*What you have to do*
Leaving out all pictures, return the records word for word.

(Data extracted from a collection)
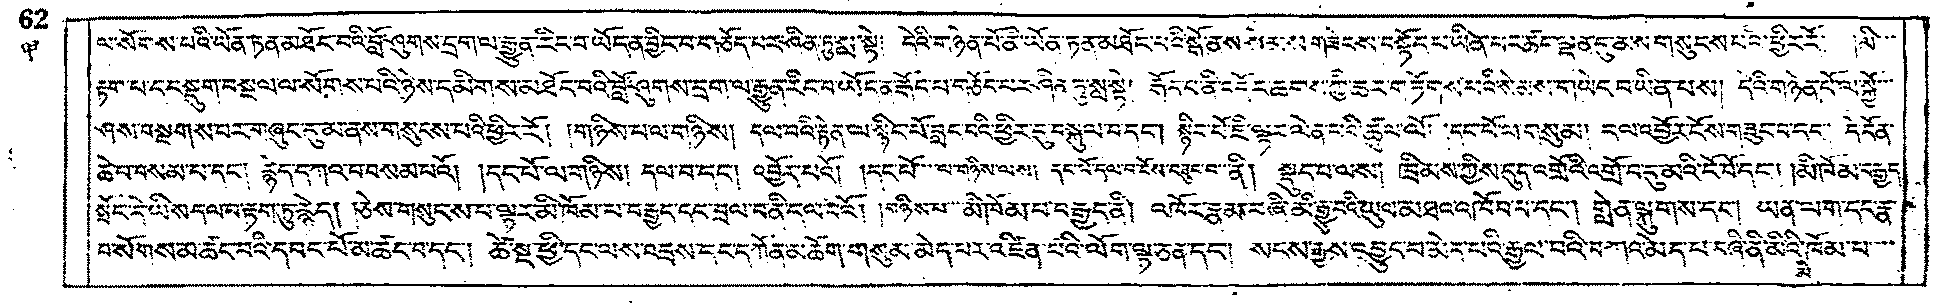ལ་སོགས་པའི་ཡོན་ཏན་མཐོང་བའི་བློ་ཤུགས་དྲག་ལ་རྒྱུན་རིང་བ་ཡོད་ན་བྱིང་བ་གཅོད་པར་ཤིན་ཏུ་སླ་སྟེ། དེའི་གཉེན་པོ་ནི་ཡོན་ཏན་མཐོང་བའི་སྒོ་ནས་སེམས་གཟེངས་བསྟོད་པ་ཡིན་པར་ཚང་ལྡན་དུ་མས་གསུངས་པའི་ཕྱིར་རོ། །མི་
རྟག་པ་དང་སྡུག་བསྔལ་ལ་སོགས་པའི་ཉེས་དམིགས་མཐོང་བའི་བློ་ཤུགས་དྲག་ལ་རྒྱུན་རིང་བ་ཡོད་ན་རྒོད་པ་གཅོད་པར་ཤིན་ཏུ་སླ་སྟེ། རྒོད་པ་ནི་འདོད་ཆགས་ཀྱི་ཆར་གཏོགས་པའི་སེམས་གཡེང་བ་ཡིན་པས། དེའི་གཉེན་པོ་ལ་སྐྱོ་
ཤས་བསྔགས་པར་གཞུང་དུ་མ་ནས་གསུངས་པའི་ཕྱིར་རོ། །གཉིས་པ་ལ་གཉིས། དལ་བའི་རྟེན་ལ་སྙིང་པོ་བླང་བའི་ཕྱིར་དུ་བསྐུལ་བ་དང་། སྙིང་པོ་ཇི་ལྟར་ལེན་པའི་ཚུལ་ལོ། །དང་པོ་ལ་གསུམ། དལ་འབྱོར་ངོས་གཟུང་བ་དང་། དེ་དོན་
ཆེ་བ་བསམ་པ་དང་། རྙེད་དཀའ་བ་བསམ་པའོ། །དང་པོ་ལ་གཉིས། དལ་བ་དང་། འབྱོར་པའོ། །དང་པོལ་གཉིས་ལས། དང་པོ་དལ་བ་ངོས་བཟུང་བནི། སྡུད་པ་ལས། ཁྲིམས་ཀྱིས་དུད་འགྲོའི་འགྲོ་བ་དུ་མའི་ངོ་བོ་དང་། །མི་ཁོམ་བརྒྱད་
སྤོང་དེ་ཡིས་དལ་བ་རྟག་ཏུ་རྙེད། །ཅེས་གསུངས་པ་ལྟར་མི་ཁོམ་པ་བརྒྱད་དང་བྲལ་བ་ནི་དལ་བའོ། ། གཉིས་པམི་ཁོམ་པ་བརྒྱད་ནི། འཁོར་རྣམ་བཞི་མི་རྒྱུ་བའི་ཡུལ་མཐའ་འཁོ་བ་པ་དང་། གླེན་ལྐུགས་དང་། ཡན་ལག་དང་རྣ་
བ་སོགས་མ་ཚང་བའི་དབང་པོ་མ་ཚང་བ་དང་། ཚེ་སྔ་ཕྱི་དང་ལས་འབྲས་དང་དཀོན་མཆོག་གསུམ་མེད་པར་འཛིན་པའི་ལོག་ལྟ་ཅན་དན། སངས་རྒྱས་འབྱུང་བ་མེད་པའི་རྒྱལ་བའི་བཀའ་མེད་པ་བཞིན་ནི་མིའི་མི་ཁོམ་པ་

*Result*
ལ་སོགས་པའི་ཡོན་ཏན་མཐོང་བའི་བློ་ཤུགས་དྲག་ལ་རྒྱུན་རིང་བ་ཡོད་ན་བྱིང་བ་གཅོད་པར་ཤིན་ཏུ་སླ་སྟེ། དེའི་གཉེན་པོ་ནི་ཡོན་ཏན་མཐོང་བའི་སྒོ་ནས་སེམས་གཟེངས་བསྟོད་པ་ཡིན་པར་ཚང་ལྡན་དུ་མས་གསུངས་པའི་ཕྱིར་རོ། །མི་
རྟག་པ་དང་སྡུག་བསྔལ་ལ་སོགས་པའི་ཉེས་དམིགས་མཐོང་བའི་བློ་ཤུགས་དྲག་ལ་རྒྱུན་རིང་བ་ཡོད་ན་རྒོད་པ་གཅོད་པར་ཤིན་ཏུ་སླ་སྟེ། རྒོད་པ་ནི་འདོད་ཆགས་ཀྱི་ཆར་གཏོགས་པའི་སེམས་གཡེང་བ་ཡིན་པས། དེའི་གཉེན་པོ་ལ་སྐྱོ་
ཤས་བསྔགས་པར་གཞུང་དུ་མ་ནས་གསུངས་པའི་ཕྱིར་རོ། །གཉིས་པ་ལ་གཉིས། དལ་བའི་རྟེན་ལ་སྙིང་པོ་བླང་བའི་ཕྱིར་དུ་བསྐུལ་བ་དང་། སྙིང་པོ་ཇི་ལྟར་ལེན་པའི་ཚུལ་ལོ། །དང་པོ་ལ་གསུམ། དལ་འབྱོར་ངོས་གཟུང་བ་དང་། དེ་དོན་
ཆེ་བ་བསམ་པ་དང་། རྙེད་དཀའ་བ་བསམ་པའོ། །དང་པོ་ལ་གཉིས། དལ་བ་དང་། འབྱོར་པའོ། །དང་པོལ་གཉིས་ལས། དང་པོ་དལ་བ་ངོས་བཟུང་བནི། སྡུད་པ་ལས། ཁྲིམས་ཀྱིས་དུད་འགྲོའི་འགྲོ་བ་དུ་མའི་ངོ་བོ་དང་། །མི་ཁོམ་བརྒྱད་
སྤོང་དེ་ཡིས་དལ་བ་རྟག་ཏུ་རྙེད། །ཅེས་གསུངས་པ་ལྟར་མི་ཁོམ་པ་བརྒྱད་དང་བྲལ་བ་ནི་དལ་བའོ། ། གཉིས་པམི་ཁོམ་པ་བརྒྱད་ནི། འཁོར་རྣམ་བཞི་མི་རྒྱུ་བའི་ཡུལ་མཐའ་འཁོ་བ་པ་དང་། གླེན་ལྐུགས་དང་། ཡན་ལག་དང་རྣ་
བ་སོགས་མ་ཚང་བའི་དབང་པོ་མ་ཚང་བ་དང་། ཚེ་སྔ་ཕྱི་དང་ལས་འབྲས་དང་དཀོན་མཆོག་གསུམ་མེད་པར་འཛིན་པའི་ལོག་ལྟ་ཅན་དན། སངས་རྒྱས་འབྱུང་བ་མེད་པའི་རྒྱལ་བའི་བཀའ་མེད་པ་བཞིན་ནི་མིའི་མི་ཁོམ་པ་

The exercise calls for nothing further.